Dhamma truly is a protector. But it does not protect just by the fact that you are a Buddhist. It does not protect you just because you are well-versed in the suttas, the pali canon, and all the teachings of the Buddha. The Dhamma protects one only when one becomes the Dhamma itself. One must put aside all notions, beliefs, knowledge, views and a sense of self and truly give oneself to the practice of Dhamma and then the wheel begins to turn. It was fascinating to observe and see the process unfolding within oneself. It's like the blossoming of a flower. One cannot make it open its petals, but one can only make the sun shine upon the flower bud and wait for the petals to open up. So too does Dhamma. As it grows in you, Dhamma opens around you like a protective sheath, surrounding you in its cover. It's not a cover that's visible. It's an invisible sheath of protection that you carry with you as long as you maintain the practice.
It's so very powerful but unlike many things in the world that can be seen, heard, touched, smelled Dhamma cannot be felt by the senses. This is what makes things hard for us all, including myself. Because it's all within oneself away from the normal sense contacts and the sense world, it's easy to stray away from that and swept by the currents of what is immediately in front of you. So, we depend on the protections provided by the sense contacts and the sense world. For example, we depend and we put so much effort and importance to material things like houses, money, cars, and more houses and all kinds of other things but none of these things give us protection. Perhaps in the short-term from the sun, rain, snow, winds etc but all these things are subject to change and decay. Also as we change the allure and the fascination these things hold for us wither away. Both are temporary.
So, we seek protection in what is temporary and flimsy. But yet find great solace in them. However, just because we cannot see, hear and touch we don't make the effort to seek what can provide us eternal protection: the Dhamma. It's hard and requires much work and effort. I find it so very ironic that people are willing to work their butts off in going to work for more than 8 hours a day for 5 days a week and sometimes even more, raise a family and feed them and look after them and work like dogs to continue feeding them and up keeping them, cook, clean, shovel snow and do numerous tedious work day in day out and yet not allocate a single hour or a day or a few days a year to their spiritual development. None of the day to day things they do, have much benefit to each one of us other than ensure our survival for the length of period we live...then we are gone. But we work and fret over things like we would live a life time.

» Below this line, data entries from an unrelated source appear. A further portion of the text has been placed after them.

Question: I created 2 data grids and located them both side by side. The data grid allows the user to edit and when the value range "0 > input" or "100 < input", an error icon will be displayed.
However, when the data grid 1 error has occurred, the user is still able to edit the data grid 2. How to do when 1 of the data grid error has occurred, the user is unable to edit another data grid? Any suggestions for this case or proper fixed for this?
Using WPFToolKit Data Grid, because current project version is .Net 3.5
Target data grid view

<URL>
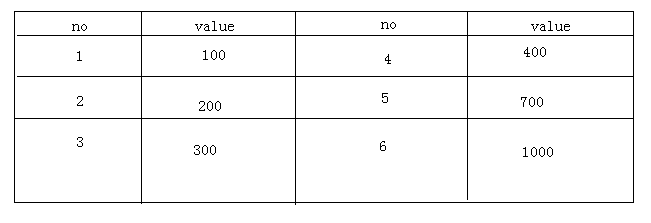
Answer: The WPF 'DataGrid' has an 'IsReadOnly' property that you can set to 'True' to ensure that users cannot edit your DataGrid's cells.
You can bound some boolean to 'IsReadOnly'property of both the grids, it will change in case the input (that is also bound I suppose) is out of range (you can set this kind of behavior in the 'input' setter)
Code snipt:
'''
public class SomeViewModel: INotifyPropertyChanged
{
// INotifyPropertyChanged members
public event PropertyChangedEventHandler PropertyChanged;
public void OnPropertyChanged(PropertyChangedEventArgs e)
{
if (PropertyChanged != null)
PropertyChanged(this, e);
}
// Input property
private string _input;
public string InputGrid1
{
get
{
return _input;
}
set
{
if (value < 0 || value > 100 )
{
IsEditable = true;
}
_input= value;
OnPropertyChanged(new PropertyChangedEventArgs("InputGrid1"));
}
}
// ... The same for InputGrid2
// bool property
private bool _isEditable;
public bool IsEditable
{
get
{
return _isEditable;
}
set
{
_input= _isEditable;
OnPropertyChanged(new PropertyChangedEventArgs("IsEditable"));
}
}
}
'''
WPF code snippet:
'''
<DataGrid
DataContext="{StaticResource SomeViewModel}"
IsReadOnly="{Binding IsEditable}">
</DataGrid>
<DataGrid
DataContext="{StaticResource SomeViewModel}"
IsReadOnly="{Binding IsEditable}">
</DataGrid>
'''

But no one thinks of the eternal life that each one of MUST ride on our own even after death. That life has to be walked whether we like it or not. But none of the activities that we do for our survival in this life, would help us in that journey. But no one thinks of this. I don't understand why? Is it because the question is not pressed hard enough? Perhaps that's why old people start visiting the temples and start observing sil, or giving more danas? Because with old age comes the pressing issue of death. But when we are young, no such pressing issue?! How ignorant are we?
Anyway, Dhamma will only protect those who live according to Dhamma. We have to shape our lives according to Dhamma whether we like it or not. It helps to realise the deeper truth presented by the Buddha rather than read them and understand them as just another intellectual jargon. That way shaping our life becomes that much easier. When one shapes life according to the Dhamma, one becomes something larger than oneself. Dhamma is the truth of everything. As we shape our lives according to the Dhamma we align ourselves to the greater truth of things. By doing so, we becomes one with things as they should be rather than fighting against it. That's why great arahants could live life in total harmony, because they were in sync with everything.
In the world, we ask for what cannot be, we crave for what is not real and is in constant friction with life and everything and truth. Basically we are living against the Dhamma. That's why there is so much misery, heartache, disappointments, anger, rejection, disapproval. When one starts to align oneself with the Dhamma all these above things fall by the way side because ones perspective change and along with that one beings to see the truth and way things are rather than things ought to be according to ones egotistical wishes and whims. When that happens life starts to synchronize.
It's the most beautiful thing in the world. But it takes time and work. Not outside work but much introspection and contemplation. It takes self-discipline and single-minded dedication. But when your life starts taking shape you can see for yourself the beauty of the Dhamma. The great benefits borne in the heart. They are the miracles of life.
May you too find the miracles that lie deep in your heart!